*** DATA LISTING ***
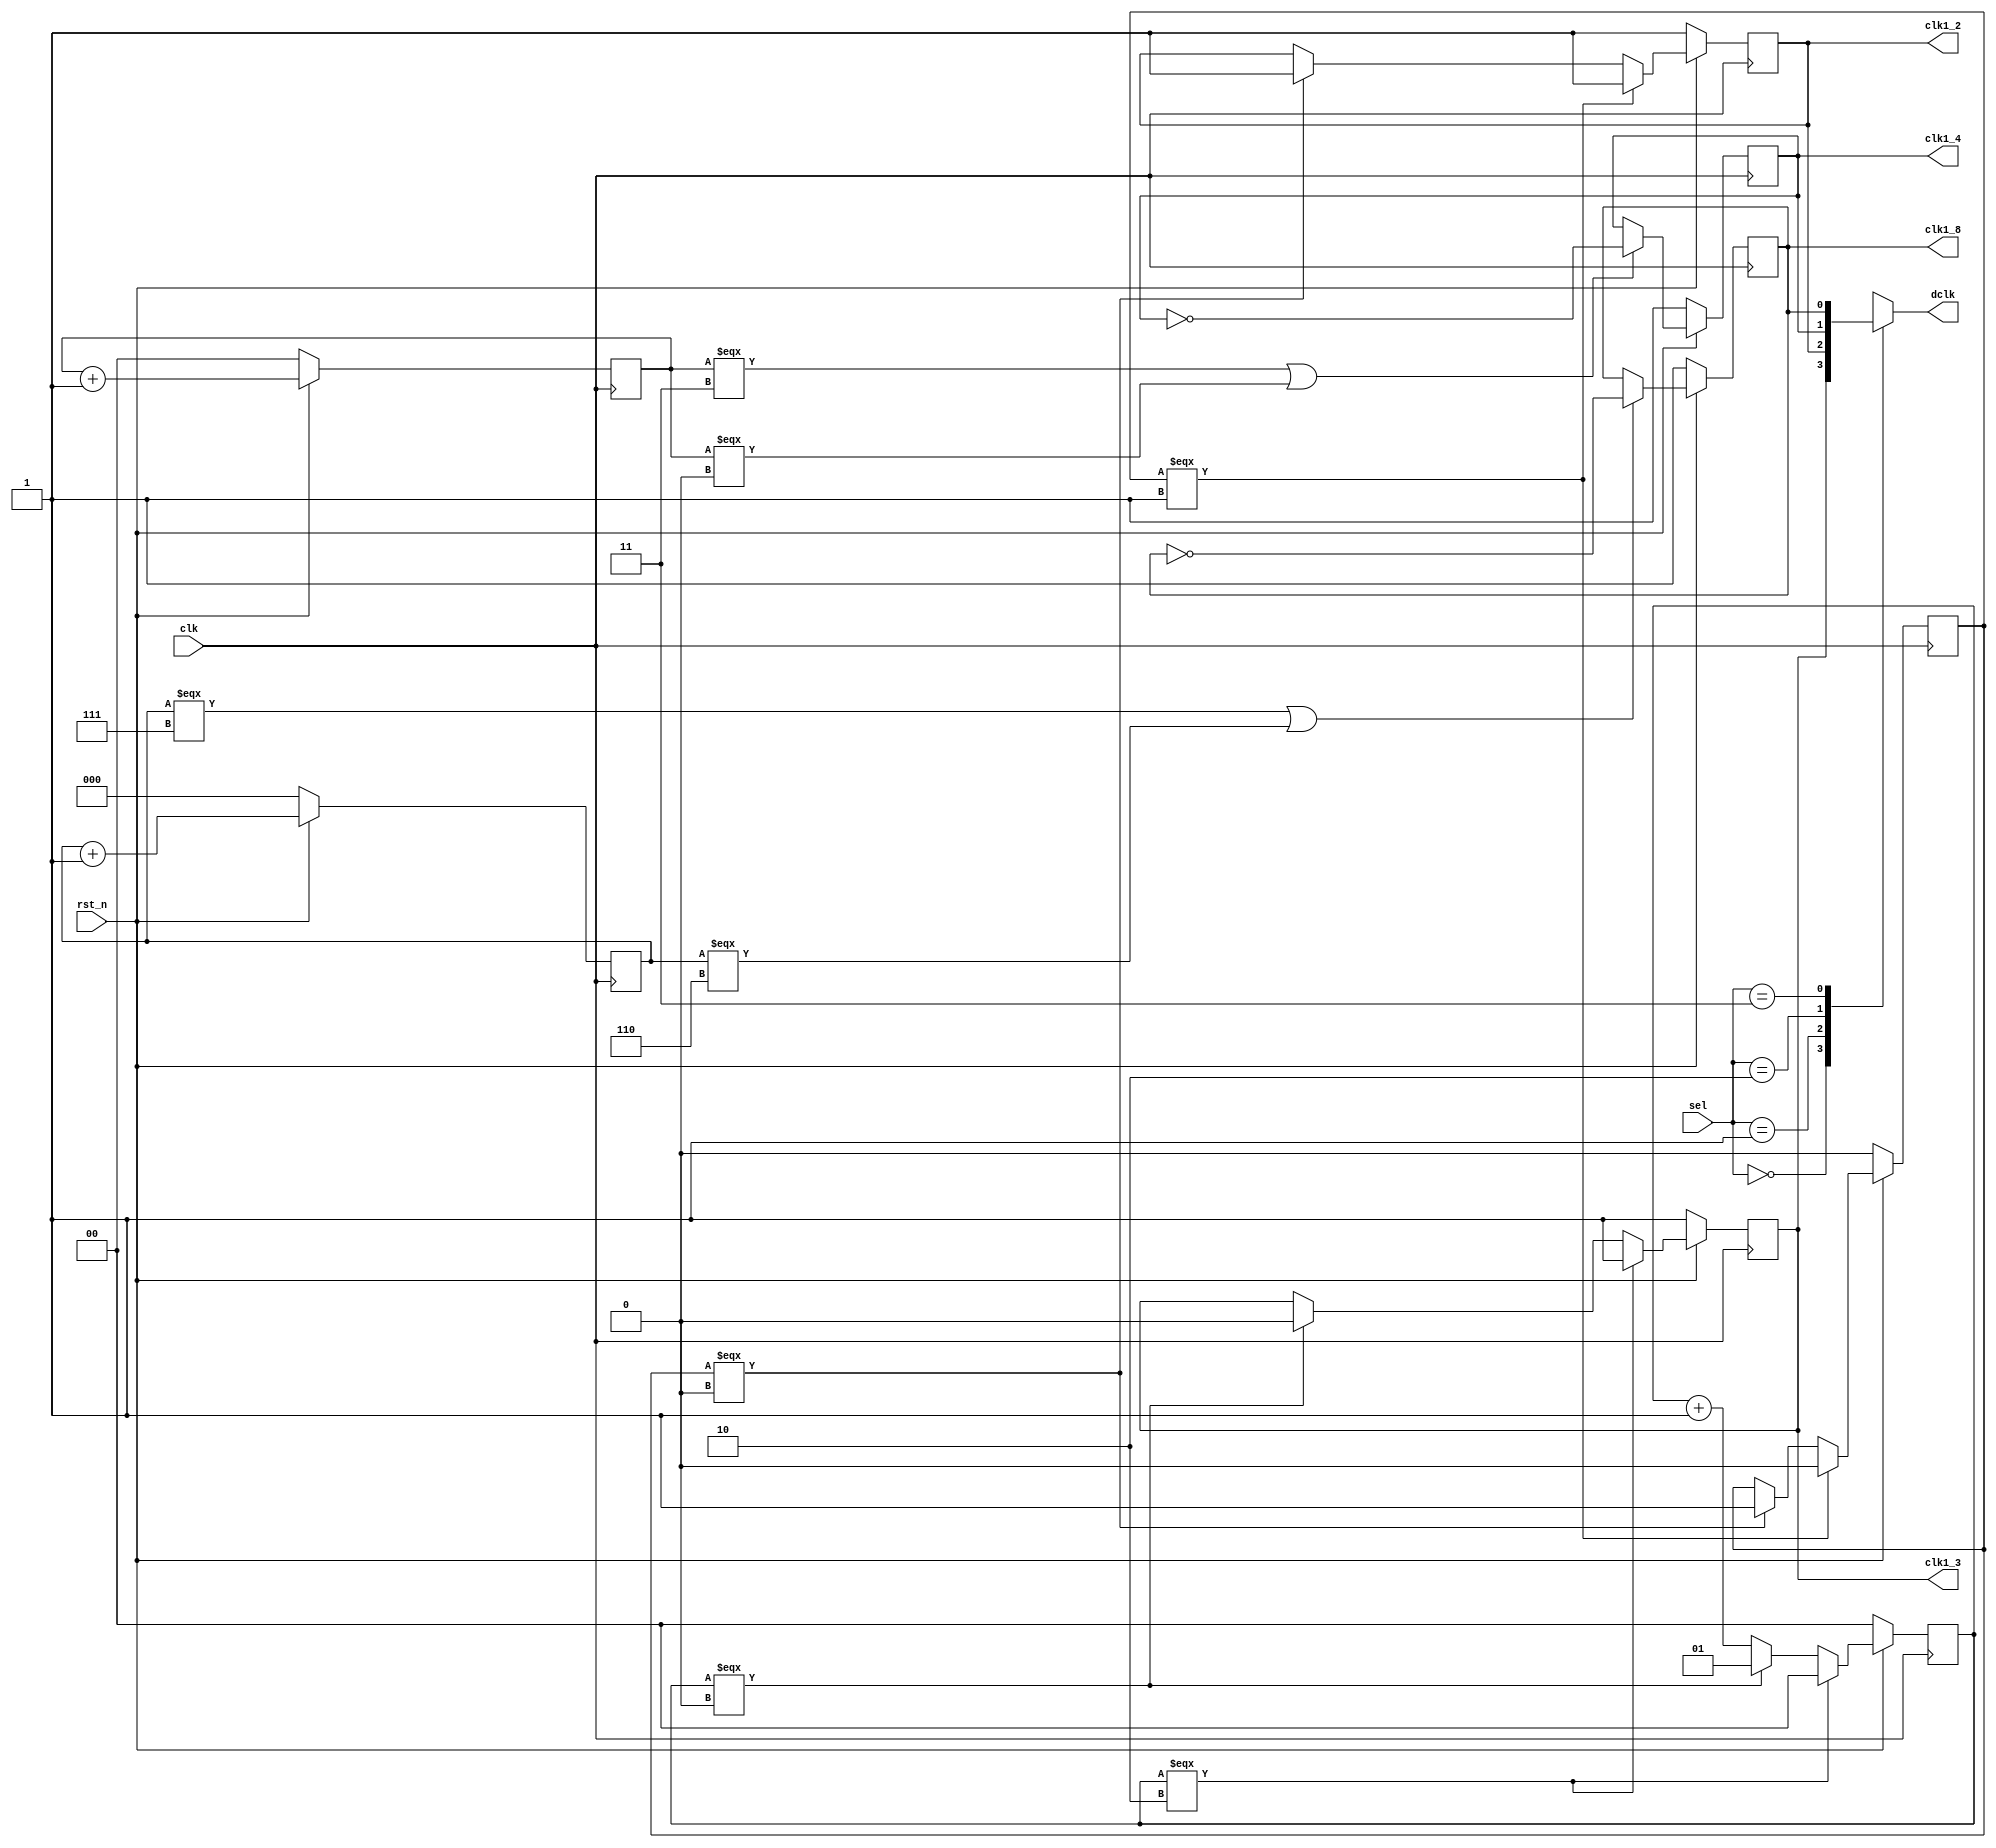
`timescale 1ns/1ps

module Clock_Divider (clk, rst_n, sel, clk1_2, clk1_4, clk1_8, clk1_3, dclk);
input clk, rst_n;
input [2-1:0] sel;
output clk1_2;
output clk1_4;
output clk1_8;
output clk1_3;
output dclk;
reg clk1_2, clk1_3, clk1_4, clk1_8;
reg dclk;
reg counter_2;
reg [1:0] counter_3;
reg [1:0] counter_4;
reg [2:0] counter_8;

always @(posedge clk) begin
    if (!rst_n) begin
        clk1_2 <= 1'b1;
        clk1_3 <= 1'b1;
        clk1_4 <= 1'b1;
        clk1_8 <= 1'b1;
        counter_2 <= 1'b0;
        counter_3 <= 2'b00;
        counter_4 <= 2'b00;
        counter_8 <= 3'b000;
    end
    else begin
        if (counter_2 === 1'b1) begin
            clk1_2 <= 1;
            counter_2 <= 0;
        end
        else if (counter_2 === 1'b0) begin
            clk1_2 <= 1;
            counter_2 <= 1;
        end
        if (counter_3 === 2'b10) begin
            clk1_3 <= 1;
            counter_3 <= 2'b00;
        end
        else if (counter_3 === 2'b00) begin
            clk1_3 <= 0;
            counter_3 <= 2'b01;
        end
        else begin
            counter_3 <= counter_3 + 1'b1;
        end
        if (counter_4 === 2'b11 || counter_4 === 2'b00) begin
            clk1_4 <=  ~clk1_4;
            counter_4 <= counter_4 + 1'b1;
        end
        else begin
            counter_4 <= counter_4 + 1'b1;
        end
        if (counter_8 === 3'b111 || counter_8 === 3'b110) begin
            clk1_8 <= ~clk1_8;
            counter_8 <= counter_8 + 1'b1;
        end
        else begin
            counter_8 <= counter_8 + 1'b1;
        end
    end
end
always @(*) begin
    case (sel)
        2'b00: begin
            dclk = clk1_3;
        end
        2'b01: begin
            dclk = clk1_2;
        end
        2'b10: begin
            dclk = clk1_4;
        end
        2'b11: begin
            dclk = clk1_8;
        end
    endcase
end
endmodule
*** End of DATA LISTING ***
§ **PROBLEM REQUIREMENTS**:
Starting at the top of the listing above, reproduce each line up to and including the one with "reg counter_2;"; omit the pictures.

§ **TASK RESPONSE**:
`timescale 1ns/1ps

module Clock_Divider (clk, rst_n, sel, clk1_2, clk1_4, clk1_8, clk1_3, dclk);
input clk, rst_n;
input [2-1:0] sel;
output clk1_2;
output clk1_4;
output clk1_8;
output clk1_3;
output dclk;
reg clk1_2, clk1_3, clk1_4, clk1_8;
reg dclk;
reg counter_2;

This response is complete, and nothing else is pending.